DESCRIPTION (provided by applicant): The objective of this research is to engineer laterally mobile surface ligands that not only confer control over cell behavior but also allow cells to actively reorganize the surface with which they are interacting. Presentation of ligands on biomaterial surfaces is essential for cell adhesion and function. The manner in which ligands are presented significantly affects these processes, thereby motivating this work. The first aim is to create a ligand-surface pair that allows controlled, lateral ligand migration based on chemical recognition. This will be achieved by designing modular ligands, produced in bacteria, that contain a cell interaction domain and multiple surface binding domains. The cell interaction domain is a known binding peptide to an integrin receptor on the cell surface. The surface binding domains are peptides that bind surface anchor proteins. Independent surface attachment and detachment of multiple surface binding domains will result in lateral migration, or "walking", without the entire ligand losing contact with the surface. The second aim is to determine the effect of ligand structure on mobility. We hypothesize that features such as domain order and spacing, number and affinity of surface binding domains, and peptide display scaffolds will dictate ligand mobility. The third aim is to use this system to study cell behavior on the surface and the ability of cells to manipulate mobile ligands. Characterization of traditional cell responses to biosurfaces, adhesion, spreading, and motility, will reveal any new control over cell behavior due to mobile ligands. However, unlike traditional surfaces, cells on the mobile ligand surface will have the opportunity to actively organize or manipulate surface ligands. Tracking the ligands and corresponding cell surface receptors will provide evidence of this type of interaction. PUBLIC HEALTH RELEVANCE: The relevance of this work to public health lies in fabrication of biomaterials that control cell behavior for therapeutic or tissue engineering applications. Surfaces displaying laterally mobile ligands are a new type of biosurface that not only support cells but also promote unique interactions between cells and surfaces.

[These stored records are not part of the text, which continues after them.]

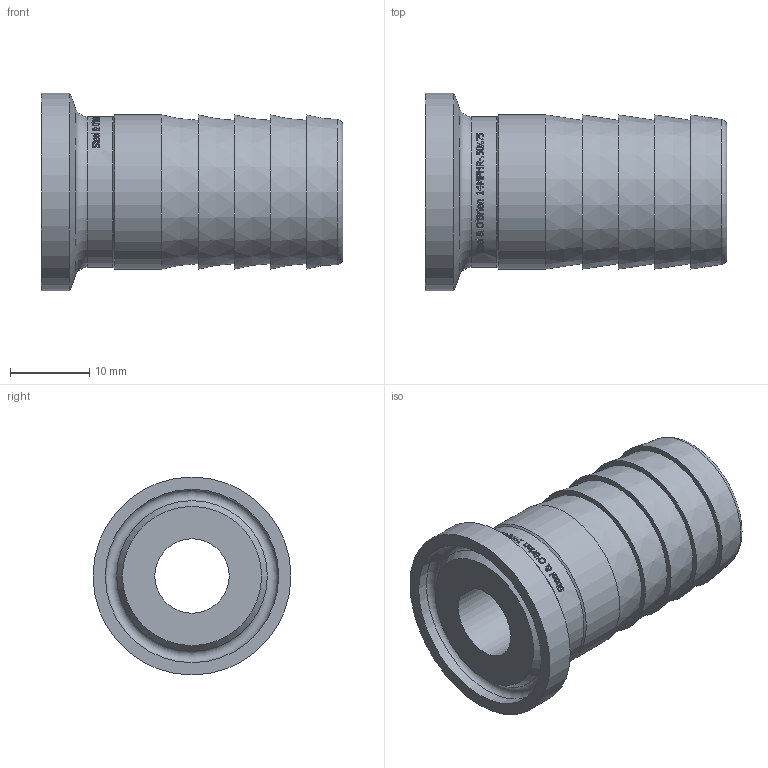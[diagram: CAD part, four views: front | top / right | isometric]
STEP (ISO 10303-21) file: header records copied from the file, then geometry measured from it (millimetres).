
FILE_DESCRIPTION(/* description */ (''),/* implementation_level */ '2;1');
FILE_NAME(/* name */ '14MPHR-.50X.75.stp',/* time_stamp */ '2021-01-05T09:26:16-05:00',/* author */ ('rick'),/* organization */ (''),/* preprocessor_version */ 'ST-DEVELOPER v18',/* originating_system */ 'Autodesk Inventor 2020',/* authorisation */ '');
FILE_SCHEMA (('AUTOMOTIVE_DESIGN { 1 0 10303 214 3 1 1 }'));
Length unit declared in the file: inch
Products named in the file (1): 14MPHR-.50X.75
Bounding box: 38.1 x 24.99 x 24.99 mm (x, y, z)
Volume: 5833.5 mm3; surface area: 4922.5 mm2
Topology: 1 solids, 1 shells, 431 faces, 1171 edges, 787 vertices
Faces by surface type: bspline 197, plane 176, cylinder 46, cone 9, torus 3
Full cylindrical faces by diameter (mm): 9.398 x1, 15.684 x1, 19.05 x1, 19.482 x1, 21.895 x1, 24.994 x1
Entity records: 18476 total; most frequent: CARTESIAN_POINT 8604, ORIENTED_EDGE 2342, DIRECTION 1487, EDGE_CURVE 1171, VERTEX_POINT 787, LINE 537, VECTOR 537, EDGE_LOOP 478
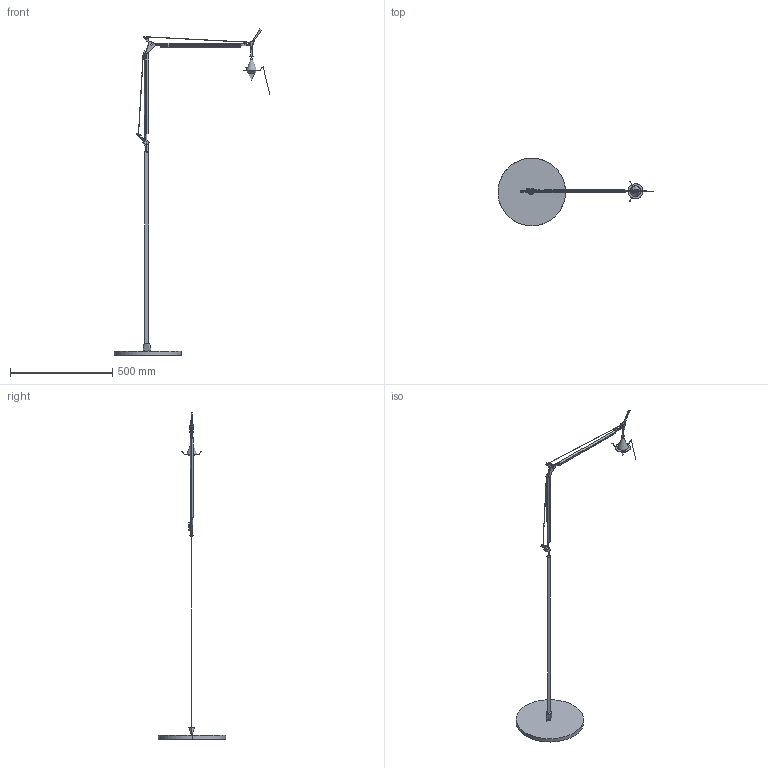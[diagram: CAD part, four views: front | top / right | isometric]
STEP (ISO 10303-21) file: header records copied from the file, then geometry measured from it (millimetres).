
FILE_DESCRIPTION(/* description */ (''),/* implementation_level */ '2;1');
FILE_NAME(/* name */ 'tolomeo basculante terra',/* time_stamp */ '2016-05-18T09:45:41+02:00',/* author */ (''),/* organization */ (''),/* preprocessor_version */ 'ST-DEVELOPER v10',/* originating_system */ '',/* authorisation */ '');
FILE_SCHEMA (('CONFIG_CONTROL_DESIGN'));
Length unit declared in the file: centimetre
Products named in the file (1): 1
Bounding box: 762.88 x 329.6 x 1597.51 mm (x, y, z)
Volume: 1765772 mm3; surface area: 496555.2 mm2
Topology: 13 solids, 33 shells, 638 faces, 1785 edges, 1165 vertices
Faces by surface type: bspline 485, plane 153
Entity records: 28148 total; most frequent: CARTESIAN_POINT 18474, ORIENTED_EDGE 3237, EDGE_CURVE 1715, VERTEX_POINT 1109, B_SPLINE_CURVE_WITH_KNOTS 851, EDGE_LOOP 670, ADVANCED_FACE 638, FACE_OUTER_BOUND 638

描述（由申请人提供）：本研究的目的是设计横向移动的表面配体，不仅可以控制细胞行为，还可以允许细胞主动重组与其相互作用的表面。生物材料表面上配体的呈现对于细胞粘附和功能至关重要。配体的呈现方式显着影响这些过程，从而推动了这项工作。第一个目标是创建一个配体-表面对，允许基于化学识别的受控横向配体迁移。这将通过设计在细菌中产生的模块化配体来实现，该配体包含细胞相互作用结构域和多个表面结合结构域。细胞相互作用结构域是已知的与细胞表面整合素受体结合的肽。表面结合结构域是结合表面锚蛋白的肽。多个表面结合结构域的独立表面附着和分离将导致横向迁移或“行走”，而整个配体不会失去与表面的接触。第二个目的是确定配体结构对迁移率的影响。我们假设结构域顺序和间距、表面结合结构域的数量和亲和力以及肽展示支架等特征将决定配体的流动性。第三个目标是利用该系统研究表面细胞行为以及细胞操纵移动配体的能力。传统细胞对生物表面、粘附、扩散和运动的反应的表征将揭示由于移动配体对细胞行为的任何新控制。然而，与传统表面不同，移动配体表面上的细胞将有机会主动组织或操纵表面配体。追踪配体和相应的细胞表面受体将提供这种相互作用的证据。公共健康相关性：这项工作与公共健康的相关性在于控制细胞行为的生物材料的制造，用于治疗或组织工程应用。显示横向移动配体的表面是一种新型生物表面，不仅支持细胞，而且促进细胞和表面之间的独特相互作用。